Flip the coin 10 times. Now let us look at the toss outcomes:
Outcome | Number |
---|---|
Heads | 8 |
Tails | 2 |
Why do we have these results if the coin is equally likely to land on either of the sides? The probability of the coin to land on either of the sides is indeed equal, which however does not mean that after a few tosses the coin shall land on one side as many times as on the other side. The probability only shows that in this particular attempt (toss) the coin will land either heads up or tails up and both events stand equal chances.
Let us now flip the coin 100 times. We get the new table of outcomes:
Outcome | Number |
---|---|
Heads | 53 |
Tails | 47 |
As can be seen, the numbers of outcomes are again not equal. However, 53 to 47 is the result that proves the initial probability assumptions. The coin landed on heads in nearly as many flips as it did on tails.
Now let us do the same in the reverse order. Suppose we have a coin but the probability of landing on its sides is unknown. We need to determine if it is a fair coin, i.e. the coin that is equally likely to come up heads or tails.
Let us take the data from the first experiment. Divide the number of outcomes per side by the total number of outcomes. We get the following probabilities:
Outcome | Probability |
---|---|
Heads | 0.8 |
Tails | 0.2 |
We can see that it is very difficult to conclude from the first experiment that the coin is fair. Let us do the same for the second experiment:
Outcome | Number |
---|---|
Heads | 0.53 |
Tails | 0.47 |
Having these results at hand, we can say with a high degree of accuracy that this is a fair coin.
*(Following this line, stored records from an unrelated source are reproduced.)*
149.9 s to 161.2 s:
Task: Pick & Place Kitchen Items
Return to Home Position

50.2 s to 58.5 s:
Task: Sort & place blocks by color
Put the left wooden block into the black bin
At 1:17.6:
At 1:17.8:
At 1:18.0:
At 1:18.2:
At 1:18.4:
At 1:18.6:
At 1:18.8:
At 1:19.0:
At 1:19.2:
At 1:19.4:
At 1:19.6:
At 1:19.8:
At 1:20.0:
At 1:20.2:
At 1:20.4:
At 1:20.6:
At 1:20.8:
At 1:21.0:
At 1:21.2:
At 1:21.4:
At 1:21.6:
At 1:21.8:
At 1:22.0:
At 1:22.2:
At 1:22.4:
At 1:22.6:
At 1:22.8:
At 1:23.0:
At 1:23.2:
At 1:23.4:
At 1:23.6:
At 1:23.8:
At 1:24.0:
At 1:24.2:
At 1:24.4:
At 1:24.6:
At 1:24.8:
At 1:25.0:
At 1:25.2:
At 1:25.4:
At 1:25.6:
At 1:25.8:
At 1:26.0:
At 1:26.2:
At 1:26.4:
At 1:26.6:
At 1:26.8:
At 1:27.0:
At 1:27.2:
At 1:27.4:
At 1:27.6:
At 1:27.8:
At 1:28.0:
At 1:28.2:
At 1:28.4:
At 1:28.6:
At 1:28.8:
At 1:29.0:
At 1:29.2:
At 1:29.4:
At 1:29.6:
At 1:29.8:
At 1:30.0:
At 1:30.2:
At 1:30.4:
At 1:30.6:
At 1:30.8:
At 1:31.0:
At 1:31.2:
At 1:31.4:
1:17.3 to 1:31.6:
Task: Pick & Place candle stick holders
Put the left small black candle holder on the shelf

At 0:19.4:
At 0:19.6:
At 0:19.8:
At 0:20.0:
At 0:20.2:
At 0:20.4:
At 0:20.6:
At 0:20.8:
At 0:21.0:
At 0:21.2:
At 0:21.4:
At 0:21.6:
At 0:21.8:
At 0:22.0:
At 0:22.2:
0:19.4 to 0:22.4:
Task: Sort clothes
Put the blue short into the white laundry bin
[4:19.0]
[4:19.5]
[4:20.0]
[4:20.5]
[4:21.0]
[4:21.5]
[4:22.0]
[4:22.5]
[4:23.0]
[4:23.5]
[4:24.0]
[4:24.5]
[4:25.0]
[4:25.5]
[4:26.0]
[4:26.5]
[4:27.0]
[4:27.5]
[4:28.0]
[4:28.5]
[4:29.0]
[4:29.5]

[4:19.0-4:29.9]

This simple example allows us to draw an important conclusion: the bigger the number of experiments, the more accurately the object properties are reflected by statistics generated by the object.
Thus, statistics and probability are inextricably intertwined. Statistics represents experimental results with an object and is directly dependent on probability of the object states. Conversely, the probability of the object's states can be estimated using statistics. Here is where the main challenge for a trader lies: having data on trades over a certain period of time (statistics), to predict the price behavior for the following period of time (probability) and based on this information to make a buy or sell decision.
Therefore, getting back to the points made in Introduction, it is also important to know and understand the relationship between statistics and probability, as well as to have knowledge of risk assessment and risk situations. The latter two are however out of the scope of this article.
Basic Statistical Parameters
Let us now review the basic statistical parameters. Suppose we have data on height in cm regarding 10 people in a group:
1 | 2 | 3 | 4 | 5 | 6 | 7 | 8 | 9 | 10 | |
---|---|---|---|---|---|---|---|---|---|---|
Height | 173 | 162 | 194 | 181 | 186 | 159 | 173 | 178 | 168 | 171 |
The data set forth in the table is called sample, while the data quantity is the sample size. We will take a look at some parameters of the given sample. All parameters will be sample parameters as they result from the sample data, rather than random variable data.
1. Sample mean
Sample mean is the average value in the sample. In our case, it is the average height of people in the group.
To calculate the mean, we should:
- Add up all sample values.
- Divide the resulting value by the sample size.
Formula:
Where:
- M is the sample mean,
- a[i] is the sample element,
- n is the sample size.
Following the calculations, we get the mean value of 174.5 cm
2. Sample variance
Sample variance describes how far sample values lie from the sample mean. The larger the value, the more widely the data is spread out.
To calculate the variance, we should:
- Calculate the sample mean.
- Subtract the mean from each sample element and square the difference.
- Add up the resulting values obtained above.
- Divide the sum by the sample size minus 1.
Formula:
Where:
- D is the sample variance,
- M is the sample mean,
- a[i] is the sample element,
- n is the sample size.
The sample variance in our case is 113.611.
The figure suggests that 3 values are widely spread out of the mean which leads to the large variance value.
3. Sample skewness
Sample skewness is used for describing the degree of asymmetry of the sample values around its mean. The closer the skewness value is to zero, the more symmetrical the sample values are.
To calculate the skewness, we should:
- Calculate the sample mean.
- Calculate the sample variance.
- Add up cubed differences of each sample element and the mean.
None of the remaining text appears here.